◆ **DATA FOR THIS TASK**:
============

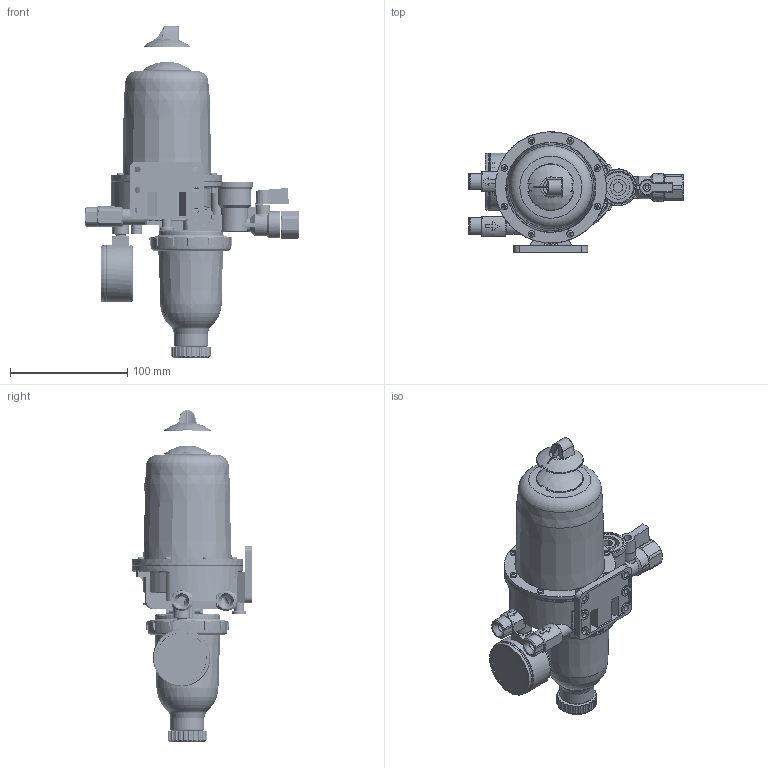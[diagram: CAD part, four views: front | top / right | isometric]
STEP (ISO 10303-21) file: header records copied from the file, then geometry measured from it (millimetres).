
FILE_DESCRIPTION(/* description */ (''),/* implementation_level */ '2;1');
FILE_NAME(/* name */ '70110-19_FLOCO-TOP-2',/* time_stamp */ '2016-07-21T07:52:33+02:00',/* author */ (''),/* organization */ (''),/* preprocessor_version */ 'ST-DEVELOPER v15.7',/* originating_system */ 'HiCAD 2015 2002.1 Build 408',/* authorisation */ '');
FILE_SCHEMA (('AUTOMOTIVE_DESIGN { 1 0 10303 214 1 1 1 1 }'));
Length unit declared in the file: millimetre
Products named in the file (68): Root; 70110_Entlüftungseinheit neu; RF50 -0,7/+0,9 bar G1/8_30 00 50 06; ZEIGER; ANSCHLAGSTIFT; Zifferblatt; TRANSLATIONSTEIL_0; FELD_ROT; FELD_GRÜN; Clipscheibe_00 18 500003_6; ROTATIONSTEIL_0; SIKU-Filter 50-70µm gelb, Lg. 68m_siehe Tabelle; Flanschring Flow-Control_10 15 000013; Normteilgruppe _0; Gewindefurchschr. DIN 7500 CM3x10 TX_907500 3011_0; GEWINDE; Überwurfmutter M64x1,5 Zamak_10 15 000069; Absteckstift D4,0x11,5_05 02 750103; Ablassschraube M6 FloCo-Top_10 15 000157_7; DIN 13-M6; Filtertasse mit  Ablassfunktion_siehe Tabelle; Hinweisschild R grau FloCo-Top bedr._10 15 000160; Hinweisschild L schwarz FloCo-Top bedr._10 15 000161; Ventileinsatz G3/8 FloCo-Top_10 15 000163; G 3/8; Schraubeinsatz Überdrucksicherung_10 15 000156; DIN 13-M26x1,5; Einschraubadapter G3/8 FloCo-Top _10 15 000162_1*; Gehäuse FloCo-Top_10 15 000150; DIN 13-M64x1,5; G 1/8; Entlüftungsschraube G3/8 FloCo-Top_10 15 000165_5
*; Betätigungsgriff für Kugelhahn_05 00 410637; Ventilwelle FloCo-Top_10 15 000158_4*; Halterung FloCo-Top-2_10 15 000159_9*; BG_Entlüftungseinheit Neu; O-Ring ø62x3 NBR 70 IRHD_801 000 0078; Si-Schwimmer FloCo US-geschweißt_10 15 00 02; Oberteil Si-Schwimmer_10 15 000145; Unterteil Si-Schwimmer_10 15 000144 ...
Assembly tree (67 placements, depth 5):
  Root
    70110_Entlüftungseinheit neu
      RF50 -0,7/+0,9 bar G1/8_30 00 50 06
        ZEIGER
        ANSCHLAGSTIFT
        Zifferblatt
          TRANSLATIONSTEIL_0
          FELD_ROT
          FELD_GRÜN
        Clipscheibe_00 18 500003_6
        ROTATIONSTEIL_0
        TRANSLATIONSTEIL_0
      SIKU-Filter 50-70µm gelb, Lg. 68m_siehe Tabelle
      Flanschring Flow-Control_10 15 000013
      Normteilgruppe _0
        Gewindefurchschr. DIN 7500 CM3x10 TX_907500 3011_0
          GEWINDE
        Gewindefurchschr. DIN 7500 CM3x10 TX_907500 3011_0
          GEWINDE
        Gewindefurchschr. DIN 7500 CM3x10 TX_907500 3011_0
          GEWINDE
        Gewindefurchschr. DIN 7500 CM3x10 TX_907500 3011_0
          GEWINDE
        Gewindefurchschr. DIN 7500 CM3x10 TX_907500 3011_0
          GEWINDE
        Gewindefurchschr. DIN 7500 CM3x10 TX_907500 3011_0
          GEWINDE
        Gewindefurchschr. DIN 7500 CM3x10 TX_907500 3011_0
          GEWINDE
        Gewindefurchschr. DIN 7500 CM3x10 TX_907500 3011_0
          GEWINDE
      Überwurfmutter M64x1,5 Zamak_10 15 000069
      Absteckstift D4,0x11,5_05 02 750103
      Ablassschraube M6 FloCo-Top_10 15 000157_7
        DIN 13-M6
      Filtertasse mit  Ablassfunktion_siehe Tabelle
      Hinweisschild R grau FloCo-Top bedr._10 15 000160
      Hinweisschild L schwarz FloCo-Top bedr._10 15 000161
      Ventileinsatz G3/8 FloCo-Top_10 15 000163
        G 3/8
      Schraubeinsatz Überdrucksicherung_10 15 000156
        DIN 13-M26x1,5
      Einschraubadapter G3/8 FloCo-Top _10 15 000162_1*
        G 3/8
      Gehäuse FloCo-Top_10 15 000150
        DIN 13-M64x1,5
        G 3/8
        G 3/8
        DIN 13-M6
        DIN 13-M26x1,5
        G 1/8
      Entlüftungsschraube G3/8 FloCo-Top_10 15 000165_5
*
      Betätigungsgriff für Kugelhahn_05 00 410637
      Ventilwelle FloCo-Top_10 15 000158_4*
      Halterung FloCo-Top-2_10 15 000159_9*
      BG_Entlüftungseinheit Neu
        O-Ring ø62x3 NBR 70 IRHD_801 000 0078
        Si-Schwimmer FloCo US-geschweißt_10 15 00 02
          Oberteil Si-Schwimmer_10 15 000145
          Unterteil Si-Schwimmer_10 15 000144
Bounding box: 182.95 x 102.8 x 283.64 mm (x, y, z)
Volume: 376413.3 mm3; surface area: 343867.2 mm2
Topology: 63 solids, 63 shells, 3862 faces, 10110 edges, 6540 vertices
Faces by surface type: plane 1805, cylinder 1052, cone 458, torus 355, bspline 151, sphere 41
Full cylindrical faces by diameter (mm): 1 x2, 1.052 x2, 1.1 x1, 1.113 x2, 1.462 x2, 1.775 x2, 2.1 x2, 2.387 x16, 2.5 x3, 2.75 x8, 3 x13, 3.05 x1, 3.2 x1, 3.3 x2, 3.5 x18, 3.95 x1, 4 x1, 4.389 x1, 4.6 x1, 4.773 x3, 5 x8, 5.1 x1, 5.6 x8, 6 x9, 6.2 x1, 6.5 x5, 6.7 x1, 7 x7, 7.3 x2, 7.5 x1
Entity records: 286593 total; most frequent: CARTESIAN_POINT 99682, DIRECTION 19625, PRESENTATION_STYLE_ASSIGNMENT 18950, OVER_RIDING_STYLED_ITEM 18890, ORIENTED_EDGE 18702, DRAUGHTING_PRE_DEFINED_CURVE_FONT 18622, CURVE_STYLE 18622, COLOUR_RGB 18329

============

◆ **AIM OF THE EXERCISE**: All that is needed is the exact run of lines from the start of the material above through the one containing "FILE_DESCRIPTION(/* description */", pictures left out.

◆ **OUTPUT**:
[diagram: CAD part, four views: front | top / right | isometric]
STEP (ISO 10303-21) file: header records copied from the file, then geometry measured from it (millimetres).
FILE_DESCRIPTION(/* description */ (''),/* implementation_level */ '2;1');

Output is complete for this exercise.